Carol Dru was one of several people to reference the potential widening and established that residents take a dim view of the concept — “We’re not looking forward to that. We don’t want it. It’ll become more of a speedway.”

New residential and commercial development also will send traffic into the interior of the neighborhood, she said.

“That’s a lot of traffic and a lot of people to accommodate, plus office buildings,” she said. “The community for the most part is not happy about the traffic that’s gonna go on.”

Neighbor Susan Leal, who lives on Tustin Avenue near the project site, said her street is currently so narrow that it’s essentially a one-way route.

“If the traffic for this project starts going up Tustin and making a right on Cliff [Drive], going by the schools and coming down Dover [Drive], we’ve got a real issue,” she said.

Makana Nova, a city planner, said that traffic, which is part of the impact report, will be studied based on a wider roadway.

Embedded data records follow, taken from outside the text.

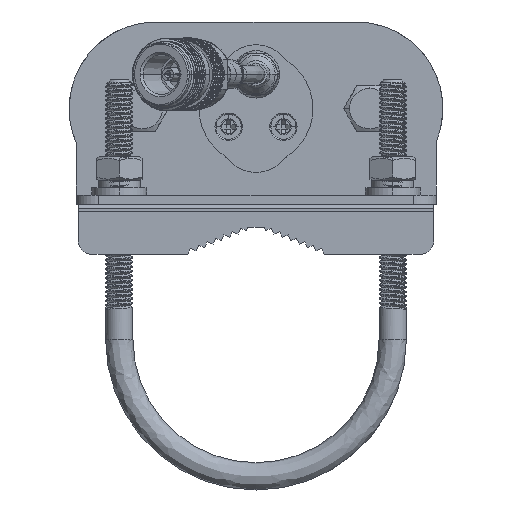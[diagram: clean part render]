
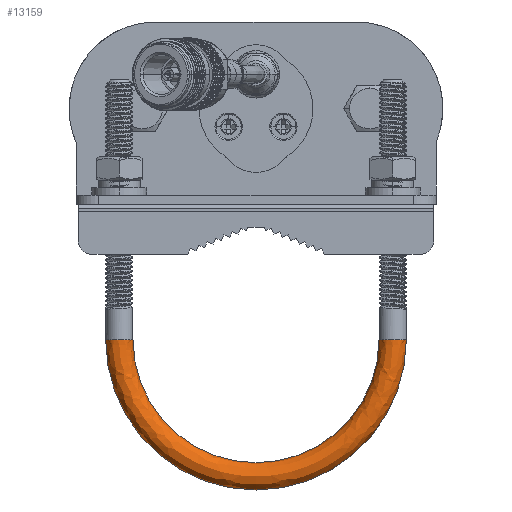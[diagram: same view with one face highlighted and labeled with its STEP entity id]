
A CAD part, front view. The second image highlights one B-rep face of the part: STEP entity #13159.
In plain terms, the highlighted free-form (B-spline) face has degree [3, 3] with [4, 4] control points.
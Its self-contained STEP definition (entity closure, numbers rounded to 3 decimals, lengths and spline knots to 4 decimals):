
#79 = EDGE_LOOP ( 'NONE', ( #157663, #158737, #104180, #108857 ) ) ;
#322 = CARTESIAN_POINT ( 'NONE',  ( -1.063, -3.5827, -4.122 ) ) ;
#3020 = CARTESIAN_POINT ( 'NONE',  ( -1.2992, -3.5827, -1.9961 ) ) ;
#10746 = CARTESIAN_POINT ( 'NONE',  ( 1.1811, -3.3465, -1.9961 ) ) ;
#11641 = DIRECTION ( 'NONE',  ( 0., 0., -1. ) ) ;
#13159 = ADVANCED_FACE ( 'NONE', ( #56793 ), #88624, .T. ) ;
#14898 = CARTESIAN_POINT ( 'NONE',  ( 1.063, -3.3465, -1.9961 ) ) ;
#16514 = VERTEX_POINT ( 'NONE', #17968 ) ;
#17430 = VERTEX_POINT ( 'NONE', #127557 ) ;
#17968 = CARTESIAN_POINT ( 'NONE',  ( -1.2992, -3.3465, -1.9961 ) ) ;
#19716 = DIRECTION ( 'NONE',  ( 0., 1., 0. ) ) ;
#26605 = CIRCLE ( 'NONE', #49812, 0.1181 ) ;
#34340 = CARTESIAN_POINT ( 'NONE',  ( 0., -3.3465, -1.9961 ) ) ;
#36314 = AXIS2_PLACEMENT_3D ( 'NONE', #83199, #96859, #95078 ) ;
#43997 = CARTESIAN_POINT ( 'NONE',  ( 1.2992, -3.5827, -4.5945 ) ) ;
#44884 = CARTESIAN_POINT ( 'NONE',  ( -1.2992, -3.3465, -4.5945 ) ) ;
#46112 = DIRECTION ( 'NONE',  ( 1., 0., 0. ) ) ;
#49812 = AXIS2_PLACEMENT_3D ( 'NONE', #10746, #11641, #148321 ) ;
#52960 = CIRCLE ( 'NONE', #119972, 1.063 ) ;
#55555 = VERTEX_POINT ( 'NONE', #130759 ) ;
#56793 = FACE_OUTER_BOUND ( 'NONE', #79, .T. ) ;
#69557 = CARTESIAN_POINT ( 'NONE',  ( -1.063, -3.3465, -1.9961 ) ) ;
#71360 = CARTESIAN_POINT ( 'NONE',  ( 1.2992, -3.3465, -4.5945 ) ) ;
#83199 = CARTESIAN_POINT ( 'NONE',  ( -1.1811, -3.3465, -1.9961 ) ) ;
#83254 = CARTESIAN_POINT ( 'NONE',  ( 1.2992, -3.3465, -1.9961 ) ) ;
#86341 = DIRECTION ( 'NONE',  ( 0., -1., 0. ) ) ;
#88624 =( BOUNDED_SURFACE ( )  B_SPLINE_SURFACE ( 3, 3, ( 
 ( #69557, #168837, #110569, #14898 ),
 ( #111474, #322, #127819, #98720 ),
 ( #3020, #166126, #43997, #96916 ),
 ( #114173, #44884, #71360, #83254 ) ),
 .UNSPECIFIED., .F., .F., .F. ) 
 B_SPLINE_SURFACE_WITH_KNOTS ( ( 4, 4 ),
 ( 4, 4 ),
 ( 0., 1. ),
 ( 0., 1. ),
 .UNSPECIFIED. ) 
 GEOMETRIC_REPRESENTATION_ITEM ( )  RATIONAL_B_SPLINE_SURFACE ( (
 ( 1., 0.333, 0.333, 1.),
 ( 0.333, 0.111, 0.111, 0.333),
 ( 0.333, 0.111, 0.111, 0.333),
 ( 1., 0.333, 0.333, 1.) ) ) 
 REPRESENTATION_ITEM ( '' )  SURFACE ( )  );
#95078 = DIRECTION ( 'NONE',  ( -1., 0., 0. ) ) ;
#96859 = DIRECTION ( 'NONE',  ( 0., 0., -1. ) ) ;
#96916 = CARTESIAN_POINT ( 'NONE',  ( 1.2992, -3.5827, -1.9961 ) ) ;
#98720 = CARTESIAN_POINT ( 'NONE',  ( 1.063, -3.5827, -1.9961 ) ) ;
#104180 = ORIENTED_EDGE ( 'NONE', *, *, #138154, .F. ) ;
#108857 = ORIENTED_EDGE ( 'NONE', *, *, #124797, .T. ) ;
#110569 = CARTESIAN_POINT ( 'NONE',  ( 1.063, -3.3465, -4.122 ) ) ;
#111474 = CARTESIAN_POINT ( 'NONE',  ( -1.063, -3.5827, -1.9961 ) ) ;
#114173 = CARTESIAN_POINT ( 'NONE',  ( -1.2992, -3.3465, -1.9961 ) ) ;
#114911 = CIRCLE ( 'NONE', #36314, 0.1181 ) ;
#117361 = CIRCLE ( 'NONE', #160920, 1.2992 ) ;
#119972 = AXIS2_PLACEMENT_3D ( 'NONE', #34340, #86341, #158225 ) ;
#124797 = EDGE_CURVE ( 'NONE', #55555, #169983, #26605, .T. ) ;
#127557 = CARTESIAN_POINT ( 'NONE',  ( -1.063, -3.3465, -1.9961 ) ) ;
#127819 = CARTESIAN_POINT ( 'NONE',  ( 1.063, -3.5827, -4.122 ) ) ;
#130759 = CARTESIAN_POINT ( 'NONE',  ( 1.2992, -3.3465, -1.9961 ) ) ;
#134185 = CARTESIAN_POINT ( 'NONE',  ( 0., -3.3465, -1.9961 ) ) ;
#134429 = CARTESIAN_POINT ( 'NONE',  ( 1.063, -3.3465, -1.9961 ) ) ;
#135297 = EDGE_CURVE ( 'NONE', #17430, #169983, #52960, .T. ) ;
#138154 = EDGE_CURVE ( 'NONE', #55555, #16514, #117361, .T. ) ;
#148321 = DIRECTION ( 'NONE',  ( 1., 0., 0. ) ) ;
#149895 = EDGE_CURVE ( 'NONE', #17430, #16514, #114911, .T. ) ;
#157663 = ORIENTED_EDGE ( 'NONE', *, *, #135297, .F. ) ;
#158225 = DIRECTION ( 'NONE',  ( 1., 0., 0. ) ) ;
#158737 = ORIENTED_EDGE ( 'NONE', *, *, #149895, .T. ) ;
#160920 = AXIS2_PLACEMENT_3D ( 'NONE', #134185, #19716, #46112 ) ;
#166126 = CARTESIAN_POINT ( 'NONE',  ( -1.2992, -3.5827, -4.5945 ) ) ;
#168837 = CARTESIAN_POINT ( 'NONE',  ( -1.063, -3.3465, -4.122 ) ) ;
#169983 = VERTEX_POINT ( 'NONE', #134429 ) ;

Jaime Murillo, another planner, also clarified that the city is separately considering widening West Coast Highway, and Newport Village developer MX3 Ventures-MSM Global didn’t propose it.

The city paused discussions on the widening in 2017, putting the idea off until the general plan update that is now underway. The general plan is the overall policy document that guides long-term local planning and zoning decisions and is in the first year of an expected three-year update process.

If the road widens, resident Sharon Ray predicted that area parents will drive their children who would otherwise ride their bikes across West Coast Highway to activities and school, which will change the patterns shown in a traffic study. Newport Heights has an elementary, middle and high school.

Murphy McCann, another resident who has become active in area traffic discussions since his young son Brock was fatally struck by a trash truck a few blocks from Newport Heights Elementary School in 2016, asked for the details of the traffic study: where the city would measure volumes, the types and at what times of the week and day.

“When you’re introducing a large residential community into a place that’s never had residential before, what is Saturday morning going to look like? What is Sunday morning going to look like?” he said. “The key is to analyze whether or not you are creating any massive juggernauts in traffic.”

A draft version of the impact study will be complete by summer 2020. The city Planning Commission could begin hearings that fall in advance of needed City Council approvals.